Overexpression of connexin43 alters the mutant phenotype of midgestational wnt‐1 null mice resulting in recovery of the midbrain and cerebellum

Abstract

The midbrain‐hindbrain (MHB) junction plays a key role in the patterning of the embryonic neural tube and the formation of brain structures such as the cerebellum. The mitogen wnt‐1 is critical for cerebellar development, as evidenced by the lack of MHB region and cerebellar formation in the wnt‐1 null embryo. We have generated wnt‐1 null embryos overexpressing the gap junction gene connexin43 by crossing wnt‐1 null heterozygotes into the CMV43 mouse line. We have confirmed that these mice show an increase in gap junctional communication by dye coupling analysis. Two‐thirds of wnt‐1 null CMV43⁺ mouse embryos at E18.5 have a cerebellum.
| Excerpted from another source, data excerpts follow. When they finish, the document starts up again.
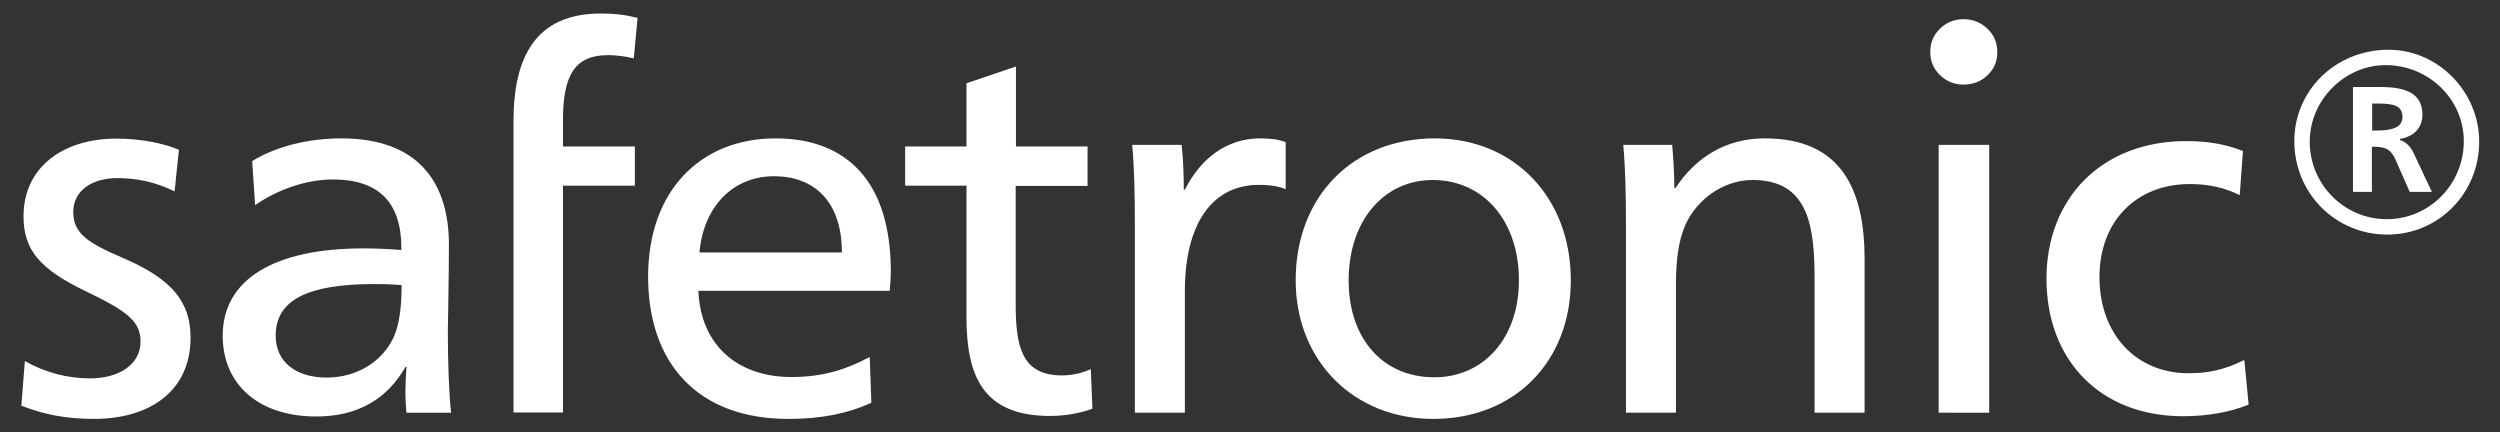 <?xml version="1.0" encoding="UTF-8"?>
<svg xmlns="http://www.w3.org/2000/svg" xmlns:xlink="http://www.w3.org/1999/xlink" version="1.1" id="Ebene_1" x="0px" y="0px" viewBox="0 0 925 160" style="enable-background:new 0 0 925 160;" xml:space="preserve">
<rect x="0" y="0" width="925" height="160" fill="#333333" stroke="none"/>
<style type="text/css">
	.st0{fill:#FFFFFF;}
</style>
<path class="st0" d="M739,19.3c0,3.5-1.2,6.3-3.7,8.6c-2.4,2.3-5.4,3.4-8.8,3.4c-3.4,0-6.3-1.2-8.7-3.5c-2.4-2.3-3.6-5.2-3.6-8.5  c0-3.5,1.2-6.4,3.6-8.7c2.4-2.3,5.3-3.5,8.7-3.5c3.4,0,6.4,1.2,8.8,3.5C737.8,12.9,739,15.8,739,19.3 M7.9,150.1  c8.4,3.3,16.7,4.9,26.8,4.9c20.8,0,35.8-10.3,35.8-30.1c0-13-6.6-21.6-25.1-29.5c-12.6-5.4-18.3-8.9-18.3-16.9  c0-8.2,7.2-12.6,16.3-12.6c7.2,0,14,1.4,21.2,4.9l1.6-15.4c-6-2.5-14.4-4.1-22.9-4.1C23.1,51.2,8.7,62.1,8.7,80  c0,12.6,6.2,19.6,22.7,27.6C46.8,115,52,118.7,52,126.4c0,8.5-8,13.6-18.7,13.6c-8.2,0-16.5-2.1-24.1-6.4L7.9,150.1z M138.5,105.1  c4.5,0,8,0.2,10.1,0.4c0,8.7-1,15.2-3.1,19.6c-4.3,8.9-13.6,14.6-24.7,14.6c-11.3,0-18.8-5.8-18.8-15.5  C102,110.9,114,105.1,138.5,105.1 M94.4,75.9c8-5.6,18.7-9.5,28.8-9.5c16.9,0,25.3,8.5,25.3,25.3v0.8c-4.5-0.4-9.9-0.6-14-0.6  c-33.4,0-52.1,11.7-52.1,32.3c0,18.3,13.6,29.9,34.6,29.9c15.3,0,26.2-6.4,33-18.3h0.4c-0.2,2.7-0.4,6.2-0.4,8.7  c0,2.9,0.2,6.6,0.4,8.2h16.5c-0.8-7.2-1.2-19-1.2-29.9c0-4.1,0.4-19.6,0.4-32.3c0-22.5-10.9-39.3-39.8-39.3c-11.7,0-23.7,2.7-33,8.4  L94.4,75.9z M235.9,6.6C231,5.4,227.1,5,222.3,5C198.2,5,190,21.1,190,44.8v107.8h18.3V68.7h26.6V54.2h-26.6v-9.7  c0-16.9,4.5-24.1,16.7-24.1c2.9,0,6.2,0.4,9.5,1.2L235.9,6.6z M258.8,93.4c1.6-17.7,13-28.2,27.6-28.2c14.6,0,25.1,9.1,25.1,28.2  H258.8z M329.2,107.6c0.2-2.1,0.4-5.2,0.4-7.2c0-33.4-16.5-49.2-42.6-49.2c-28.2,0-47.2,19.8-47.2,51.1c0,32.6,18.8,52.7,51.9,52.7  c11.9,0,21.8-1.9,30.7-6l-0.6-16.9c-8.9,4.7-17.5,7.4-29,7.4c-20,0-33.6-11.9-34.4-31.9H329.2z"></path>
<path class="st0" d="M375.8,54.2h26.6v14.6h-26.6v43.5c0,15.7,2.1,26.6,17.1,26.6c3.9,0,7.2-0.8,10.7-2.3l0.6,14.6  c-4.5,1.7-10.1,2.7-15.7,2.7c-25.1,0-30.9-15.2-30.9-36.5V68.7h-22.7V54.2h22.7V30.8l18.3-6.2V54.2z M438,70.3  c0-5.1-0.2-11.7-0.8-16.7h-18.3c0.8,8.4,1,18.8,1,29.3v69.8h18.5v-44.9c0-25.3,10.3-39.4,27.4-39.4c4.3,0,7.6,0.6,9.9,1.6V52.6  c-2.5-1-5.6-1.4-9.5-1.4c-12.6,0-22.2,7.8-27.8,19H438z M499,103.7c0-22,13-37.1,31.1-37.1c18.7,0,31.9,15,31.9,37.1  c0,21.6-13.2,35.9-31.3,35.9C511.8,139.6,499,125.5,499,103.7 M581.2,103.7c0-30.7-21-52.5-50.3-52.5c-30.3,0-51.5,21.4-51.5,52.5  c0,29.9,21.6,51.3,50.9,51.3C560.2,155,581.2,134,581.2,103.7 M619.5,69.5c0-5.2-0.4-11.7-0.8-15.9h-18.1c0.8,8.4,1,18.8,1,29.3  v69.8h18.5v-47.4c0-11.7,1.6-19,4.7-24.5c5-8.5,14-14.2,23.7-14.2c21,0,22.9,17.7,22.9,37.1v49h18.5V95.9c0-26.2-8.9-44.7-36.9-44.7  c-14.4,0-25.6,7-33,18.3H619.5z M736,53.6h-18.7v99.1H736V53.6z"></path>
<path class="st0" d="M917.3,52.4c0,19.2-15.1,34.4-34,34.4c-19.2,0-34.4-15.3-34.4-34.6c0-18.8,15.3-33.8,34.9-33.8  C902.1,18.4,917.3,34,917.3,52.4z M854.6,52.4c0,15.9,12.8,28.7,28.5,28.7s28.5-12.8,28.5-28.9c0-15.5-13-28.1-28.9-28.1  C867.4,24.1,854.6,37.1,854.6,52.4z M870.7,32.2h10.1c9.3,0,15.5,2.3,15.5,10.3c0,4.5-2.9,8-8.3,8.9v0.4c2.9,1,4.3,3.1,5.4,5.6  l6.4,13.6h-8.2l-5.2-11.8c-1.6-3.5-3.1-4.9-8-4.9h-0.8V71h-7V32.2z M877.7,48.3h1.7c6.2,0,9.5-1.4,9.5-5c0-4.3-3.3-5-9.5-5h-1.7  V48.3z"></path>
<g>
	<path class="st0" d="M829.9,55.9c-6.6-2.7-13.6-3.7-21-3.7c-31.3,0-51.7,21.2-51.7,50.9c0,30.5,20.2,50.9,50.5,50.9   c8.7,0,17.3-1.4,24.3-4.3l-1.6-16.5c-7.6,3.7-13.4,4.9-20.6,4.9c-19.6,0-33-14.6-33-35.6c0-20.6,13.6-34.4,33.4-34.4   c6.8,0,12.6,1.2,18.5,4.1L829.9,55.9z"></path>
</g>
</svg>

In addition, changes in the wnt‐1 null phenotype in mouse embryos overexpressing connexin43 are observed as early as E9.5. At this stage, one‐quarter of wnt‐1 null CMV43⁺ embryos display extra or expanded tissue present at the MHB boundary (a wnt‐1 null enlarged phenotype). In situ hybridization studies conducted on these embryos have indicated no changes in the expression of embryonic brain positional markers in this region. We conclude from these studies that overexpression of the connexin43 gap junction restores cerebellar formation by compensating for the loss of wnt‐1.